■ Material provided ■
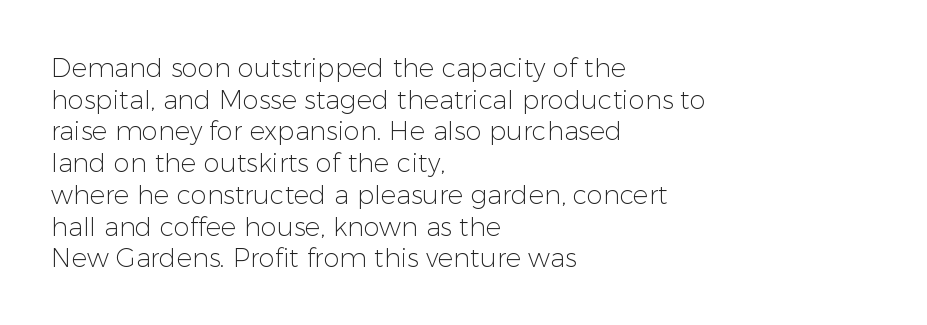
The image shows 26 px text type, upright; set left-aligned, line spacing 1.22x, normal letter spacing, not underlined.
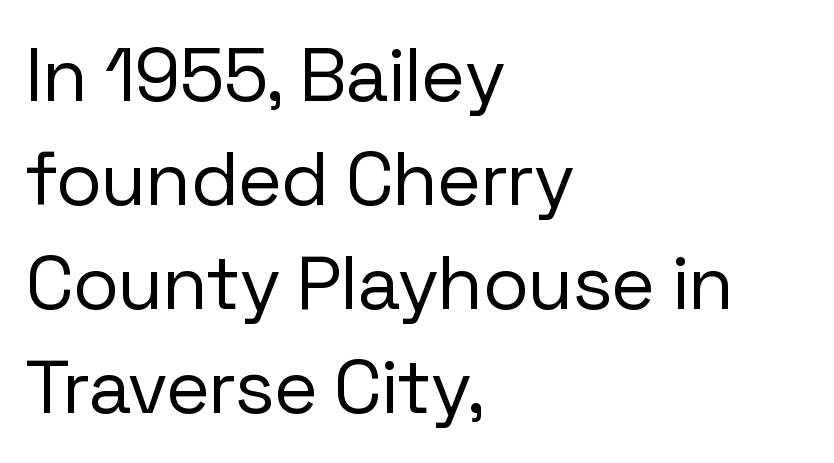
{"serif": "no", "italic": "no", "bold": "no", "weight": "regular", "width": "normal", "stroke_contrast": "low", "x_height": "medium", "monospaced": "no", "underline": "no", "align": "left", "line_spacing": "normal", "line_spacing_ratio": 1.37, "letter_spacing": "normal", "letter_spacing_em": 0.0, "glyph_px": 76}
...
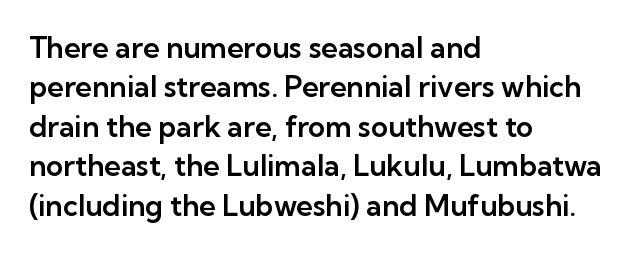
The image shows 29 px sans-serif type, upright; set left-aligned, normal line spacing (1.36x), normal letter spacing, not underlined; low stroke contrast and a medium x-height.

■ Task directions ■
Return each line of the material above that holds the string "aligned".

■ Result of this exercise ■
The image shows 26 px text type, upright; set left-aligned, line spacing 1.22x, normal letter spacing, not underlined.
The image shows 29 px sans-serif type, upright; set left-aligned, normal line spacing (1.36x), normal letter spacing, not underlined; low stroke contrast and a medium x-height.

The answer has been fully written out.